PROVIDED DATA START

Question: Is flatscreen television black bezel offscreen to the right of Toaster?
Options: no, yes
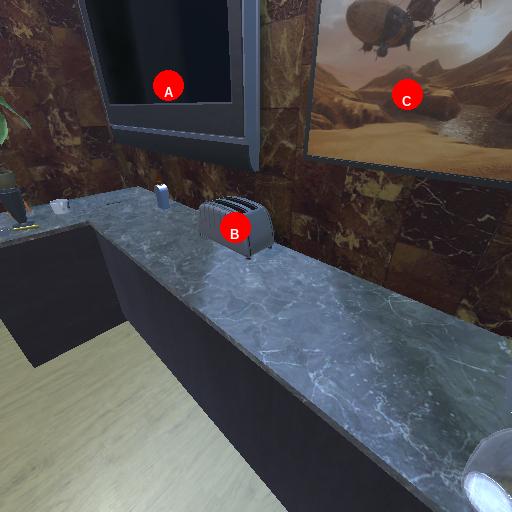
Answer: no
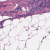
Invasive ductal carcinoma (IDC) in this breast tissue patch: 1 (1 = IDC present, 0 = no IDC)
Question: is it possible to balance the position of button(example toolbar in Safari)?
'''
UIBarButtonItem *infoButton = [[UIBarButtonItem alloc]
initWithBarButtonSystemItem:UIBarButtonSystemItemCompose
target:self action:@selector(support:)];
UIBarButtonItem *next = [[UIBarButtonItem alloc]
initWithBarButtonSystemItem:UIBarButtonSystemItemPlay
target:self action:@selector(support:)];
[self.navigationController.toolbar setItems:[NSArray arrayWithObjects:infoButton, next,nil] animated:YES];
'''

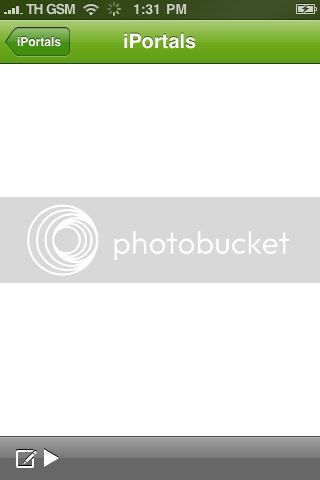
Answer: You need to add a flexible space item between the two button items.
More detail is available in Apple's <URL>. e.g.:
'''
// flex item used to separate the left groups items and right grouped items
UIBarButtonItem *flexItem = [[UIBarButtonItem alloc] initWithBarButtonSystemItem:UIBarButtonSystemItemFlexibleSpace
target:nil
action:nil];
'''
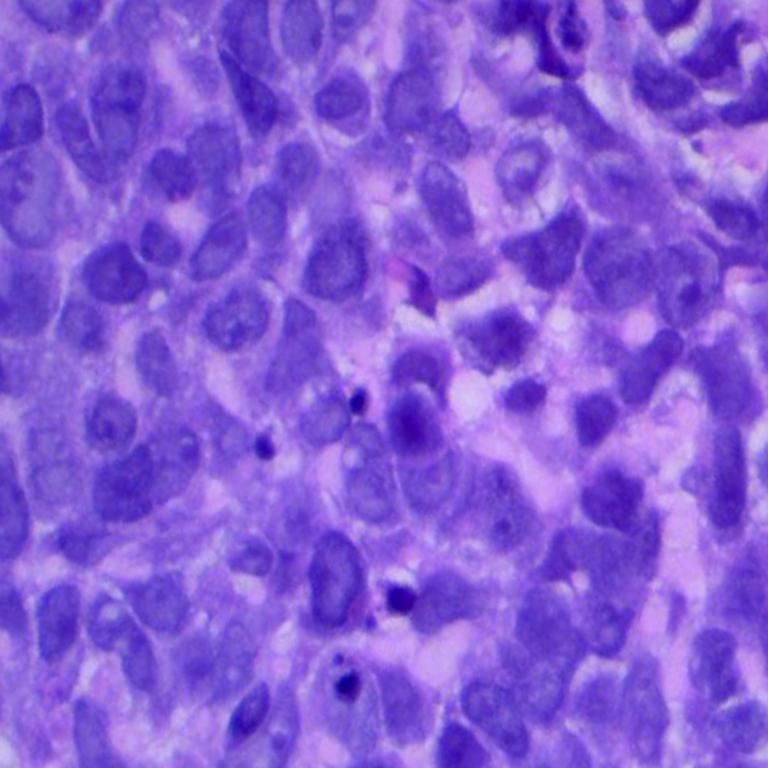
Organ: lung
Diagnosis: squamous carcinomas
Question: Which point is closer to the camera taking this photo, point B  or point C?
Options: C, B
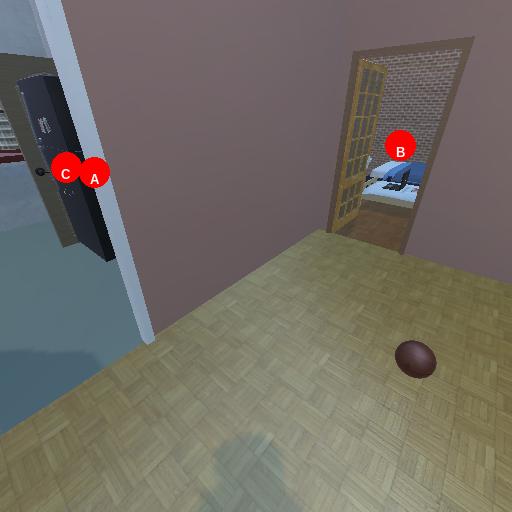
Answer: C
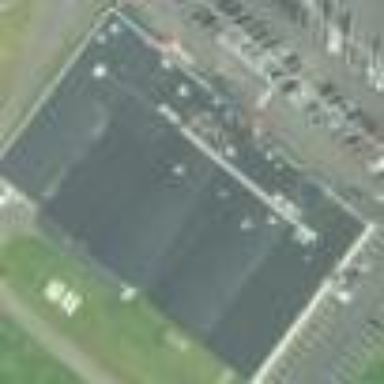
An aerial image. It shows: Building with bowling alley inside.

PROVIDED DATA END

**WHAT THIS TASK INVOLVES:**
Set down only the lines running from the line with "Organ: lung" to the end of the entries, inclusive; omit every picture.

**WRITTEN RESPONSE:**
Organ: lung
Diagnosis: squamous carcinomas
Question: Which point is closer to the camera taking this photo, point B  or point C?
Options: C, B
Answer: C
An aerial image. It shows: Building with bowling alley inside.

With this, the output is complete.